11月30日が締め切りの第4回「学びと私」作文コンテスト。1次審査を通過して第4回金賞候補作になった作文のうち一部をここで紹介します。

簿記の楽しみ

 目の前に領収書を想像して下さい。もし数字で一万円と金額を記入するなら、あなたはどう書きますか?『10000円』と書いてしまったあなた。間違いではありませんが「簿記を学ぶ機会に恵まれなかったのかな」と私は残念に思います。
学生時代の私は簿記の世界に興味を持ち、公認会計士になろうと必死で勉強していました。四年間、努力しましたが合格することはついに叶わず諦めてしまいました。現在は簿記とは無縁の福祉のしごとに身を置いています。
そんな私に友人から久しぶりに連絡がありました。「経理部に配属された。初めてだからどうしよう」彼は本当に困っていました。私は簿記の勉強をするように勧めました。
簿記とは帳簿記入の略です。簡単にいえば会社の取引内容(お金の流れ、つまりお金をどれだけ使って、その結果どれだけ儲かったか)を帳面に記入する方法を学ぶのが簿記です。彼は簿記の勉強を始め、いろいろな質問を私にするようになりました。即答できない質問もたくさんあり、その都度、私は簿記の本を引っ張り出して調べていました。

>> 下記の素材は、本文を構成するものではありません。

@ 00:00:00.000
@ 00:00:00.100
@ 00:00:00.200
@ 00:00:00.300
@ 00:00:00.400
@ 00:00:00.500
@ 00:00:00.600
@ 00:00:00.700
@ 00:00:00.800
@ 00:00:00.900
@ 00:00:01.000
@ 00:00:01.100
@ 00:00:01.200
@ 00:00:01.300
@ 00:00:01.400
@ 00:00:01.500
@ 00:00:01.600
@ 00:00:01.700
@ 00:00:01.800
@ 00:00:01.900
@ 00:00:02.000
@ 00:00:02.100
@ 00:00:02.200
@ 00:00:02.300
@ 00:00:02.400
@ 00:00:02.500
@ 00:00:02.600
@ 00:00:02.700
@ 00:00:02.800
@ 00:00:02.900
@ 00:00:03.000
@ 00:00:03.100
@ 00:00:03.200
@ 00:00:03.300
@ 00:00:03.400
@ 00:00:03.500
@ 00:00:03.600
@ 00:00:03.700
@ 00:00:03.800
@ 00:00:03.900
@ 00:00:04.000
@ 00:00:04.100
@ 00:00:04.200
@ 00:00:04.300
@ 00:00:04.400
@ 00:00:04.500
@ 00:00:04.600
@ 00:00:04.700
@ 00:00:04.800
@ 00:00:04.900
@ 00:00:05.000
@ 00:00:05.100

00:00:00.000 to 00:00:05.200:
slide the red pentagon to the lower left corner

きっかけは「質問に答えなければ」と使命感みたいなものでした。ただ、繰り返すうちに気が付けば、新たな発見を楽しんでいる自分がいました。例えば、簿記の本に載っている多くの計算問題は、百万円単位の数値が並んでいます。10,000円、100,000円、1,000,000円と当たり前のように載っています。仮にこれが、10000円、100000円、1000000円と書かれていたらどうでしょう。即座に一万円、十万円、百万円と判別できますか。おそらくゼロの数をひとつひとつ数えるのではないでしょうか。両者の見やすさの違いは、ずばりコンマ(,)があるかないかだけです。けれど、あるとないとではわかりやすさに大きな違いがあると知ったのです。

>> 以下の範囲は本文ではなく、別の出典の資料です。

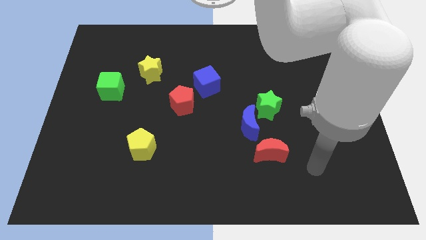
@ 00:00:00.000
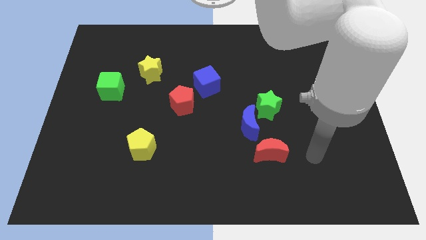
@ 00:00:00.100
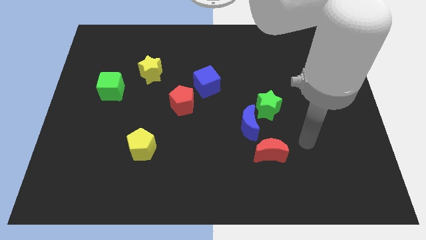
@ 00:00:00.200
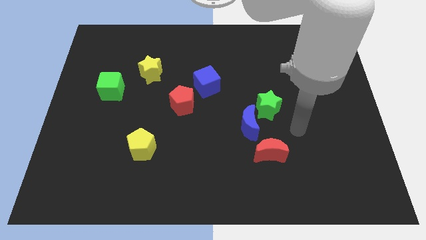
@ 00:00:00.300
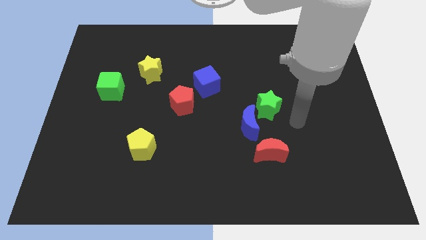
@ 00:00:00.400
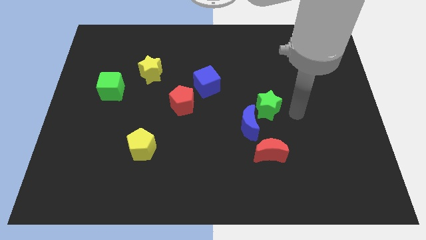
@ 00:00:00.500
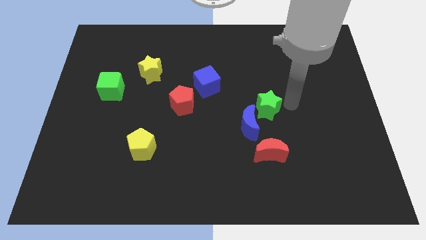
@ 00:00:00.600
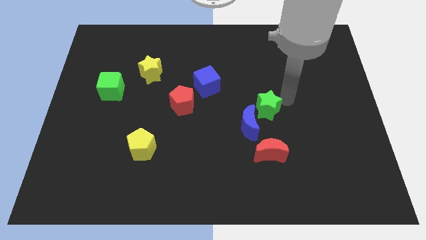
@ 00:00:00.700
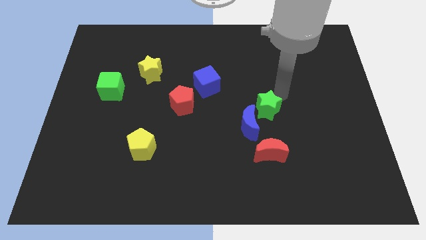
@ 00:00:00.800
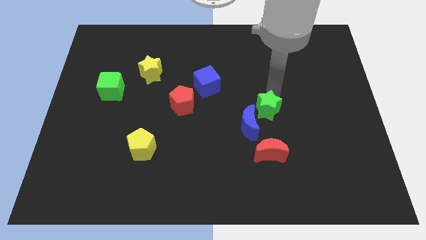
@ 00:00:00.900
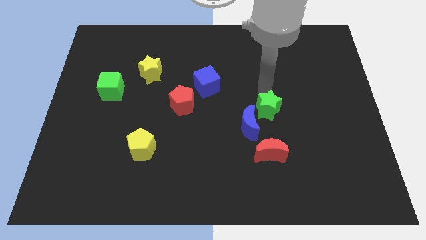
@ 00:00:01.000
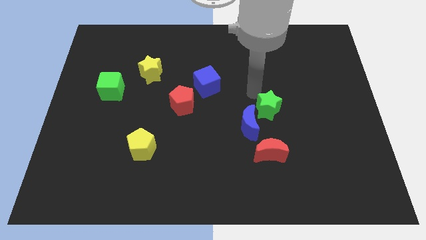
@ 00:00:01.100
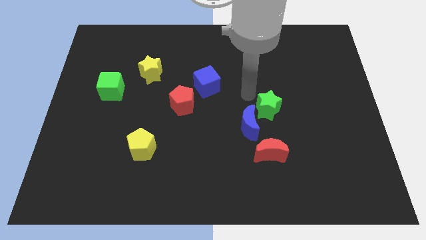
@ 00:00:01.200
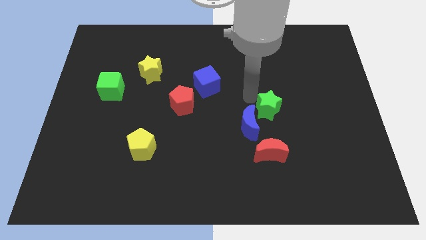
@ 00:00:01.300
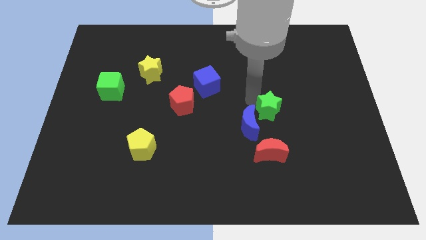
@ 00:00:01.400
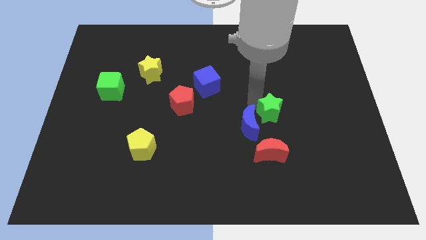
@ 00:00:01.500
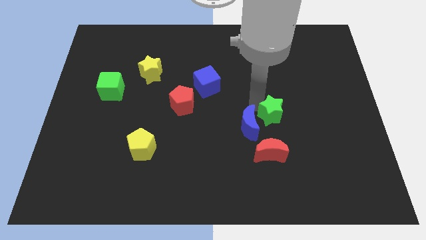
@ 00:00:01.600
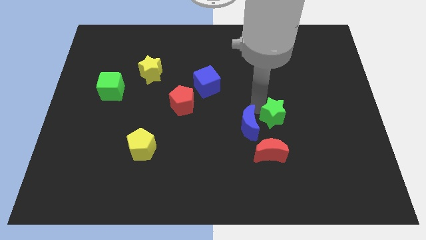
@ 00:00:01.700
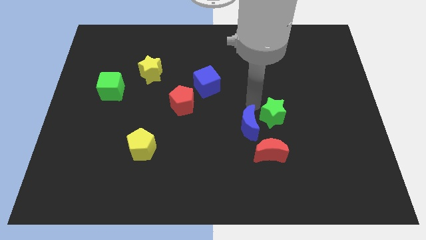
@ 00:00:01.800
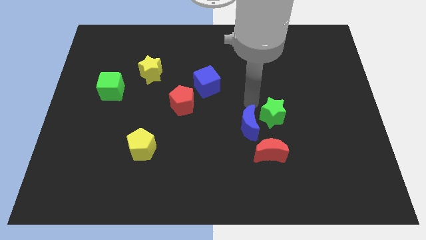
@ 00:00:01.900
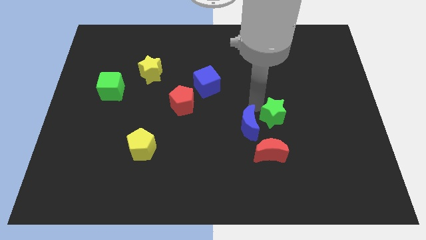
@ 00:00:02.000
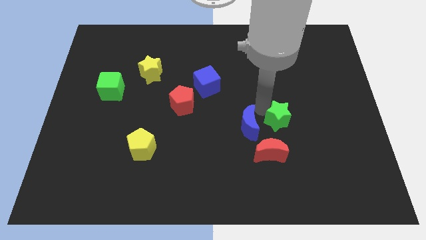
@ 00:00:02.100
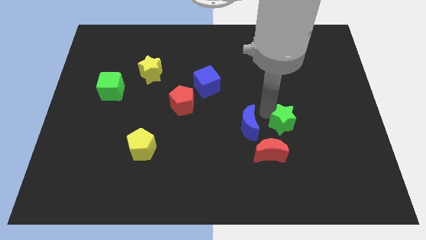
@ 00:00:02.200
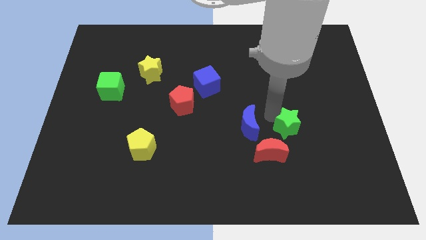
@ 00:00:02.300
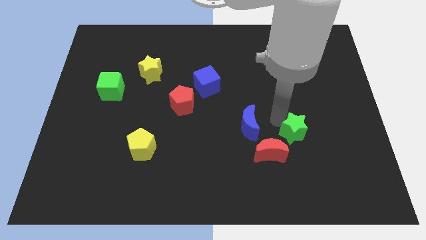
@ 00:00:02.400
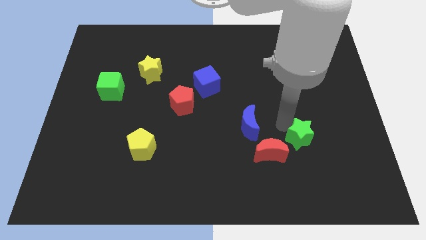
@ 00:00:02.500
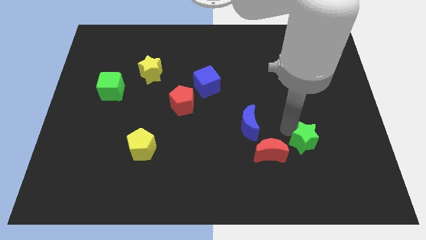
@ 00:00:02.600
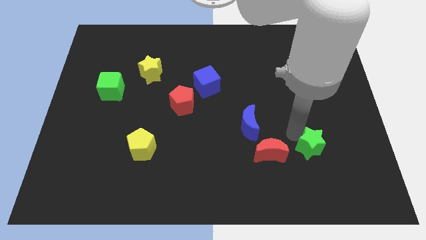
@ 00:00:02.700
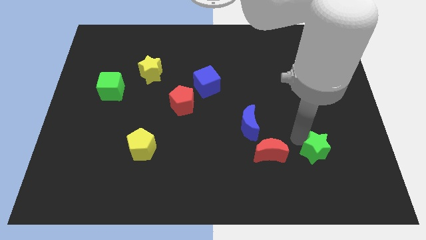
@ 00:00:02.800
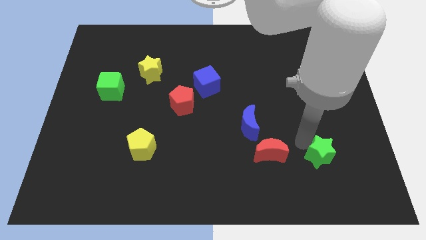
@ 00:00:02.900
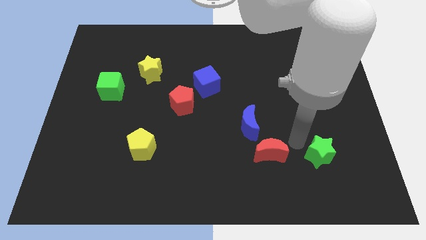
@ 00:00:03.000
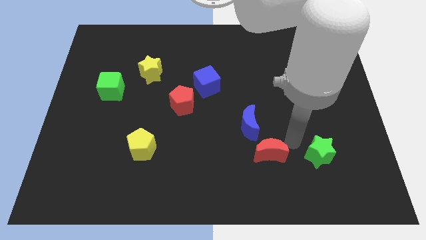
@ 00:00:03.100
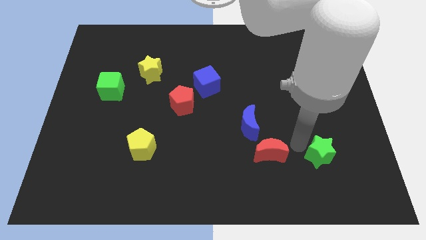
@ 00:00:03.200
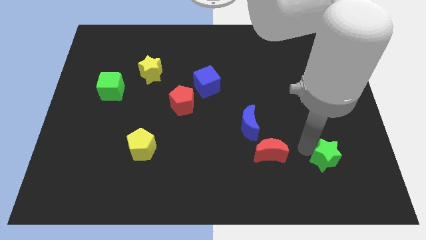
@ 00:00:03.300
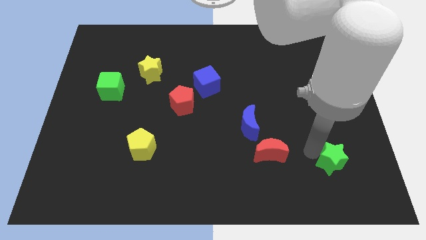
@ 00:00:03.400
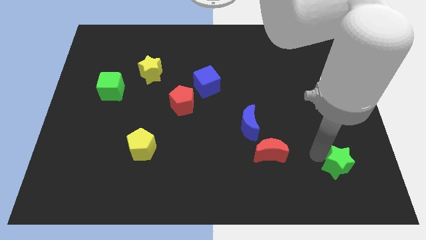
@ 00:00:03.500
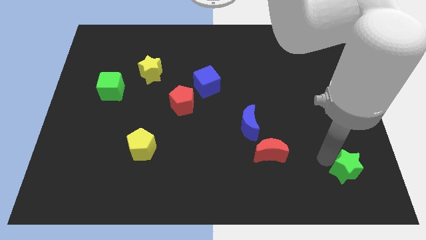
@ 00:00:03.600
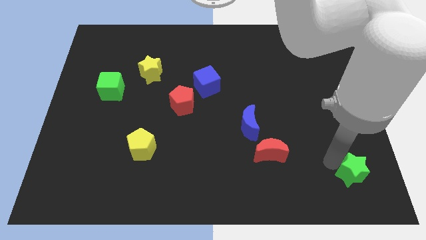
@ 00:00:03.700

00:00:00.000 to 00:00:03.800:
put the green star to the lower right corner

また、簿記に『貸倒れ』という用語があります。学生の頃は、『売掛金や貸付金などの売上債権が回収できず損失になること』と意味を暗記していました。実はこれも『会社が倒産して、貸していたお金が戻てこなくなったんだな』とすんなり理解していました。経理に携わってなくても、普段の生活のなかで自然と手にするコンビニのレシートやクレジットカードの明細書を見ることで、簿記の本に書かれている内容を学生時代とは異なった視点で捉えていることに気が付いたのです。大人になって学び直すということは、昔の自分が見落としてしまったことを発見し、人生経験を重ねた結果として新しく生まれてきた感受性との融合ではないでしょうか。私は彼に簿記を教えていたのではなく、彼が私に簿記を学ぶ大切さを教えてくれていたのです。
私は今、楽しみながら簿記を学んでいます。しかし、経理の現場では会計ソフトの使用が主流だそうです。手作業で帳簿にいちいち記録する作業は不要になり、パソコンに数値さえ入力すれば自動的に決算書ができてしまいます。便利な機能を持つ会計ソフトがあれば、簿記を学ぶことに意味はないのでしょうか?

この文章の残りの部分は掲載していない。